One of the most straightforward means of stopping the spread of germs in the restroom is to use touchless fixtures and dispensers. It’s pretty easy to accept that by not touching surfaces in a restroom, users greatly reduce the probability of spreading or acquiring disease-causing germs. Infection Control Today affirms this, noting that 80 percent of all infectious diseases are transmitted by touch. But thanks to motion sensor light switches and sensor-operated touchless flush valves, soap dispensers, and paper towel dispensers, restroom users can keep their hands, and their germs, to themselves.

Provide an Ensured Supply

If you’ve ever found yourself in a restroom stall with no toilet tissue, you know how embarrassing and uncomfortable it is. But there is no reason for users to encounter this problem with today’s tissue systems that help to virtually eliminate product run out. Such systems combine both a high-capacity dispenser that holds up to four tissue rolls and long-lasting tissue rolls with up to 3,000 sheets each.

In addition, no one likes to wash hands without soap or shake off wet hands to dry them. Fortunately, many of today’s soap systems offer high capacity refills to help users avoid the desperate search for a hand wipe or sanitizer. And towel dispenser systems boast dual roll auto-switch technology, which uses the smallest roll first and allows for 100 percent usage of each roll before switching to the standby roll, ensuring a towel is always available when needed.

And, as noted earlier, smart technology helps ensure a consistent supply of soap, tissue and towels is always available by giving cleaning staff the tools to prevent an outage before it happens.

Create a Homelike Experience

Using the restroom is a necessity, but it doesn’t have to be a utilitarian experience. More than ever, employees want their workplace restroom experience to be as pleasing as their at-home experience, complete with privacy and a positive sensory experience.

According to the American Restroom Association, white noise or background music in a restroom increases the perception of privacy. Floor-to-ceiling stall partitions and doors also give the perception of privacy and help users forget, if even momentarily, that they are not alone.

In regard to tackling malodor, an easy solution is to provide a 360-degree odor control system with complementary fragrances. First, install automated motion-activated in-stall freshener dispensers to neutralize in-the-moment odors and subtly disperse an on-trend fragrance. Next, install low-splash deodorizer urinal screens to help keep urine off the restroom floor and the air smelling fresh at the same time. Finally, install a whole-room freshener dispenser to fill the entire restroom with a pleasant fragrance upon entry and exit that compliments the rest of the restroom’s odor control solutions.

Promote Sustainability

Demonstrating a commitment to sustainability affects not only how employees perceive their workplace but also their feelings about themselves. In a 2014 study, statistics portal Statista found that the majority of consumers in every age group from age 15 up strongly or completely agreed that they felt guilty when doing something that is not environmentally friendly. It follows, then, that implementing sustainable practices within the restroom enriches the experience users have.

Brown paper towels provide a visual cue that you are using a sustainable towel option, and studies show that using high-quality brown paper towels improve a user’s perception of the restroom.
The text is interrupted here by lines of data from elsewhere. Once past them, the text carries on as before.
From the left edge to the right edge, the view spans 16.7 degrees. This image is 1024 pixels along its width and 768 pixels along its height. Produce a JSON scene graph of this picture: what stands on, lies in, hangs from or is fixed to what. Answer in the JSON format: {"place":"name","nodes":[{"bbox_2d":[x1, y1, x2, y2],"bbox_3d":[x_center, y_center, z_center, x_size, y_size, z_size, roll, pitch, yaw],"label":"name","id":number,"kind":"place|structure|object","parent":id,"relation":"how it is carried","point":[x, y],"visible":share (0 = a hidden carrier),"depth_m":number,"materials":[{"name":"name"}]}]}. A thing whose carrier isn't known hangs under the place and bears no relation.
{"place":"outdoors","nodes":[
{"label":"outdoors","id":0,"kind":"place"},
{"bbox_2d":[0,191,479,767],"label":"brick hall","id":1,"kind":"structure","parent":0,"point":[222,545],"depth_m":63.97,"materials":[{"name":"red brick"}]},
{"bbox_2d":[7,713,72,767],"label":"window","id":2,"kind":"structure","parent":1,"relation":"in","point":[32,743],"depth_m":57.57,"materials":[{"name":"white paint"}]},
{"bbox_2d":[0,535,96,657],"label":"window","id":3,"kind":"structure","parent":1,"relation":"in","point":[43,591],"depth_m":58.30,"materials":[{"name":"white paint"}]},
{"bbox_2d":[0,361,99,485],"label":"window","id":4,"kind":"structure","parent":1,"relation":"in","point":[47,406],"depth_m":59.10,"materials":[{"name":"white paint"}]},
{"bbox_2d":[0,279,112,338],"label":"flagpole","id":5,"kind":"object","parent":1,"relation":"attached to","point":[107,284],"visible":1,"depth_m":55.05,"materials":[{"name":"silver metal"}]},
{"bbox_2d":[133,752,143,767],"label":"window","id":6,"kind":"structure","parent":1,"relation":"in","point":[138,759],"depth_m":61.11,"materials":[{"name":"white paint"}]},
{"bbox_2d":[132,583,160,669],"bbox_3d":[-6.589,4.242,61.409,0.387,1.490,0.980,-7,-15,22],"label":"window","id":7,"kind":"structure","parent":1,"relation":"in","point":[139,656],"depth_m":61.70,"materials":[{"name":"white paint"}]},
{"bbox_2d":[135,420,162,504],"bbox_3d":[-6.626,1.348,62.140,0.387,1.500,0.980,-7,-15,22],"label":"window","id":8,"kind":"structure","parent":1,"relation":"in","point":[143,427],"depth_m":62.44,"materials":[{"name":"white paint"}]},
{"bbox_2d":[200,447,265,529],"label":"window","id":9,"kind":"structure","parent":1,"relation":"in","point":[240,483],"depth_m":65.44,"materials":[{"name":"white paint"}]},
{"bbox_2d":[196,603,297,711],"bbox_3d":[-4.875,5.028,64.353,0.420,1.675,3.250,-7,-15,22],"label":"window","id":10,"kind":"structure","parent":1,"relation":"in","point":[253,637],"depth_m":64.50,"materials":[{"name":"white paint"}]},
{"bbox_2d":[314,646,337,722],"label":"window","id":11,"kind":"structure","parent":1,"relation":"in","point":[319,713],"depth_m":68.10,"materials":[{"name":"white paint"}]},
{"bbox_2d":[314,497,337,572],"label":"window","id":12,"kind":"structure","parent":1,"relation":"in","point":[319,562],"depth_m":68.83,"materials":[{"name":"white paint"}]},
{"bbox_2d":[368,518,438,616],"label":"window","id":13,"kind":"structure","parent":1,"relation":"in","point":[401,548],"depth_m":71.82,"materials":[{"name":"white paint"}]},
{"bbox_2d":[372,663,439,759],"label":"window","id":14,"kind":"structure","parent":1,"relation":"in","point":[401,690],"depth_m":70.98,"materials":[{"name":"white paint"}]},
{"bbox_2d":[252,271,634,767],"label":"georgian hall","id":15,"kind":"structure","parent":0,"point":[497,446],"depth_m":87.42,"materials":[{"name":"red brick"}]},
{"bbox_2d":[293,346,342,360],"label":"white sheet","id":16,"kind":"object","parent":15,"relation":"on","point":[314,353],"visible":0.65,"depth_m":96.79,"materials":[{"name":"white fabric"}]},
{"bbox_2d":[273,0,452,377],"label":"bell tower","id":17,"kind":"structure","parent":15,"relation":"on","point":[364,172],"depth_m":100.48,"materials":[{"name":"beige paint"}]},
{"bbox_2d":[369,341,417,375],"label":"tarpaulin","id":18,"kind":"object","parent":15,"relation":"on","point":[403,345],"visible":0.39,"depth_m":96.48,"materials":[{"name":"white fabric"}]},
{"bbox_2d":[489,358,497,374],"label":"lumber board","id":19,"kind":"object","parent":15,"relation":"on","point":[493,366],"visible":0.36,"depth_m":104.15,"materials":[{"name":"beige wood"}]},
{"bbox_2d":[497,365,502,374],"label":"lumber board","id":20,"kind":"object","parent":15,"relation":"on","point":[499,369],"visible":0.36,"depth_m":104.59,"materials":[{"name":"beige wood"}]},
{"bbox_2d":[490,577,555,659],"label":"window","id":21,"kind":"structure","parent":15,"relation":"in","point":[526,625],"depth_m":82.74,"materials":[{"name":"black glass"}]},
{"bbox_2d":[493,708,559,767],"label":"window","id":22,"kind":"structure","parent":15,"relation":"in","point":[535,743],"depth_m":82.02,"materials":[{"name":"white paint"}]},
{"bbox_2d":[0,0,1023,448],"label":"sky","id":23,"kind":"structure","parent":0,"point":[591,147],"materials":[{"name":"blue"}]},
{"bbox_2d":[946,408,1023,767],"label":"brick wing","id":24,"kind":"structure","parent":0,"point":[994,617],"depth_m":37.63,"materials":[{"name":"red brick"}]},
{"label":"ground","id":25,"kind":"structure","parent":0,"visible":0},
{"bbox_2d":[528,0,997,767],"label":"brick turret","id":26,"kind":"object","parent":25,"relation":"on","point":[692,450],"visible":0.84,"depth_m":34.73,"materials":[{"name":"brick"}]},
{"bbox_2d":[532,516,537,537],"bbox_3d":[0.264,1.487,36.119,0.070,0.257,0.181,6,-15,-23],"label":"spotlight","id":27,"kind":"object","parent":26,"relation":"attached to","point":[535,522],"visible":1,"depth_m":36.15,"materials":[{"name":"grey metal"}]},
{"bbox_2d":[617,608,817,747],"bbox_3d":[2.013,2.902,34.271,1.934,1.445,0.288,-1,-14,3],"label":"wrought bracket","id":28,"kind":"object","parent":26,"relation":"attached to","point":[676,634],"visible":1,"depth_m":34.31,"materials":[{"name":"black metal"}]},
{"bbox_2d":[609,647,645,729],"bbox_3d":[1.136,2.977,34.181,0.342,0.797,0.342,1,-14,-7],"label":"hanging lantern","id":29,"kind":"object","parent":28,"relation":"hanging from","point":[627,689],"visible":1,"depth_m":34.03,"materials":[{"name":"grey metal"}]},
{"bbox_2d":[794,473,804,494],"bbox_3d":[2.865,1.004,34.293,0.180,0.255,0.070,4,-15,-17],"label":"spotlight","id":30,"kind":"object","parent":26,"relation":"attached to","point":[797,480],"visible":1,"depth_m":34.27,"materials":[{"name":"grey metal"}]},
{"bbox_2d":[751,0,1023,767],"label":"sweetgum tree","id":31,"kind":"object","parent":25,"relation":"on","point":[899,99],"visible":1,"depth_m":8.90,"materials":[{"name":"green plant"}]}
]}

Coreless toilet tissue rolls, which eliminate both cardboard core waste as well as stub roll waste, are another visual cue.
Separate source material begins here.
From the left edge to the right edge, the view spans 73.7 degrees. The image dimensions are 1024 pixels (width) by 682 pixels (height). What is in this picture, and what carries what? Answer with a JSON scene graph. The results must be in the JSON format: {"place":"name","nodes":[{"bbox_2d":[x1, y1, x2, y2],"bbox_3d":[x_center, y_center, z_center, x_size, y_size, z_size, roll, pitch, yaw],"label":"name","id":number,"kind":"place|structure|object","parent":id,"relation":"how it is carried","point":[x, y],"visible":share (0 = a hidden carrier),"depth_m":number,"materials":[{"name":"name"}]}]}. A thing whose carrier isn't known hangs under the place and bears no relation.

Additional sustainability considerations include using automatic paper towel dispensers that control dispensing, including sheet length, to discourage users from taking more towel than is needed; and installing automated foam soap dispensers with high-quality soap to help optimize the total amount of soap users consume when washing their hands, thereby reducing waste. 

Why It Matters

The Gallup study referenced earlier found that disengaged employees cost the U.S. between $450 billion to $550 billion per year. Providing your employees with a more positive restroom experience seems like one simple and affordable way to help create the kind of workplace that will positively impact recruitment, retention and your bottom line.